Is this any better? Well, it has an advantage that there aren't any unneeded variables. But it has the disadvantage that you have to count undefs to tell which element is $count. And this becomes quite unwieldy if there are more elements in the list. For example, some people who wanted just the mtime value from stat were writing code like this:

my(undef, undef, undef, undef, undef, undef, undef, 
 undef, undef, $mtime) = stat $some_file;

If you use the wrong number of undefs, you'll get the atime or ctime by mistake, and that's a tough one to debug.
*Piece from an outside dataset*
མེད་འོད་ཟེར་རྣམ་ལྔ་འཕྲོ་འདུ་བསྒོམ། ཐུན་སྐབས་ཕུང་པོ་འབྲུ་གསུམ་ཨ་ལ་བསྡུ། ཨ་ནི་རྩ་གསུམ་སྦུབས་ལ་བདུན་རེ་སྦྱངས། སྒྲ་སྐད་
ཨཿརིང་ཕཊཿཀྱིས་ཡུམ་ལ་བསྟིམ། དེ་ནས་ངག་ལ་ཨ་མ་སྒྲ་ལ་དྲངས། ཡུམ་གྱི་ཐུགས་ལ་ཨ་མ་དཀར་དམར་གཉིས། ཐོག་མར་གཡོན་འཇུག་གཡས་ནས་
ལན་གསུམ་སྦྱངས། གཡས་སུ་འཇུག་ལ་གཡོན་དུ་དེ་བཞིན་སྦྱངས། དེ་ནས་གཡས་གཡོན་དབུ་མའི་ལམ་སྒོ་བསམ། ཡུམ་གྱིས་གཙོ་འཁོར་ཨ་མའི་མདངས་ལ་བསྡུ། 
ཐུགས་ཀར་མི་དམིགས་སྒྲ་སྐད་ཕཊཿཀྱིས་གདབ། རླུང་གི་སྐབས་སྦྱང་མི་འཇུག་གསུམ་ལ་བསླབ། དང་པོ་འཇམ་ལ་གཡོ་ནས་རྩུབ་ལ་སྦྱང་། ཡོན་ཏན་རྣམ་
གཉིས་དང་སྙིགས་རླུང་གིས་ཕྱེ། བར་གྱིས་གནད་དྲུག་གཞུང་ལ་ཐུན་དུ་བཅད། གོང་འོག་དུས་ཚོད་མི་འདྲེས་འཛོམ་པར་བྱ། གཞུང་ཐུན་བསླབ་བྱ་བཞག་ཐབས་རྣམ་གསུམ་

There's a better way: Perl can index into a list as if it were an array. This is a list slice. Here, since the mtime is item 9 in the list returned by stat,[12] we can get it with a subscript:

[12] It's the tenth item, but the index number is 9, since the first item is at index 0. This is the same kind of zero-based indexing that we've used already with arrays.

my $mtime = (stat $some_file)[9];

Those parentheses are required around the list of items (in this case, the return value from stat). If you wrote it like this, it wouldn't work:

my $mtime = stat($some_file)[9];  # Syntax error!

A list slice has to have a subscript expression in square brackets after a list in parentheses. The parentheses holding the arguments to a function call don't count.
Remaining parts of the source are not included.